79. Pronto per essere mangiato

da qui

C’è una cosa che proprio non ti piace di questa umanità: la pretesa puntuale di una ricompensa; come se ogni cosa avesse un prezzo, andasse pesata in base a perdite e profitti. Sai che il cuore non può aprirsi quando è immerso in calcoli meschini, se si lascia trascinare nei meandri tortuosi della psiche, compresso tra paure e desideri. Riusciranno a fare mai un’esperienza dello Spirito, che è pienezza e libertà? Scenderanno alle radici del cuore, dove l’essere smette di temere? Guardi la folla immensa che ti segue, uomini e donne schiacciati da pesi che si sono caricati sulle spalle da se stessi: vorresti guarirli tutti insieme, ma non puoi sostituirti alla loro libertà, anche se questa può renderli infelici.
Chi di voi, avendo un servo ad arare o a pascolare, quando questi rientra dai campi gli dirà: vieni e mettiti a tavola? Non gli dirà piuttosto: preparami qualcosa da mangiare, cingi la veste e servimi; poi mangerai anche tu? Sarà forse grato al servo, che ha obbedito al suo ordine? Così anche voi, quando avete compiuto ciò che vi è stato comandato, dite: siamo servi inutili, abbiamo fatto ciò che dovevamo.
Maestro, non è una bella prospettiva!
E’ un giovane che parla, spinto dall’ansia di vedere realizzato qualcuno dei suoi tanti desideri.
Gli metti una mano sulla spalla.
Se Dio ti amasse perché gli sei utile, non sarebbe Dio. Ma Lui ti ama perché non hai da ricambiare. L’amore nasce sulle ceneri del dare e dell’avere, della logica del mondo che regna incontrastata.
Sì, c’è un solo servo utile, il Signore, che offre se stesso sulla tavola, pronto per essere mangiato.

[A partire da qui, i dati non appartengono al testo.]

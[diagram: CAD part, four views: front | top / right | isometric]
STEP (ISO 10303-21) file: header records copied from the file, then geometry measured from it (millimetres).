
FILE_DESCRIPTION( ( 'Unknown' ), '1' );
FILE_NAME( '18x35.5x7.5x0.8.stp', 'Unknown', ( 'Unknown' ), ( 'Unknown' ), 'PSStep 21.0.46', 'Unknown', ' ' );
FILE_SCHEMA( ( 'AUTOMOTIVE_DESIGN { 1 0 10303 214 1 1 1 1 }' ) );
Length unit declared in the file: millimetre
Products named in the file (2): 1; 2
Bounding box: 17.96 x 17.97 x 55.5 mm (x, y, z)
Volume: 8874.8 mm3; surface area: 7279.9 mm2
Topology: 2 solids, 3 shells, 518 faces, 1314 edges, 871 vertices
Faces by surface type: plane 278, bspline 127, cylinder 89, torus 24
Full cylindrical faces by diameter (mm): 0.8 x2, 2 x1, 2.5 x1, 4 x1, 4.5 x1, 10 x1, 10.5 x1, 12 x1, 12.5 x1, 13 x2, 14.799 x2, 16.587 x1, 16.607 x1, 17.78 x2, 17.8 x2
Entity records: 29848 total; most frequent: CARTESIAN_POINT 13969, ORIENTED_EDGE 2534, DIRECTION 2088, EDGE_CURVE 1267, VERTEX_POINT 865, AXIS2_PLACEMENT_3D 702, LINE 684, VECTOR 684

16 pensieri su “79. Pronto per essere mangiato

  1. Non ho parole per commentare , posso solo dire Grazie,perché il Signore ,oggi, mi ha aperto gli occhi su cosa è bene e su cosa è male.Sono contenta di pensare di essere un servo inutile ,Lui ,infatti mi ama per come sono e sa che non posso dare più. di questo: quello che io sono!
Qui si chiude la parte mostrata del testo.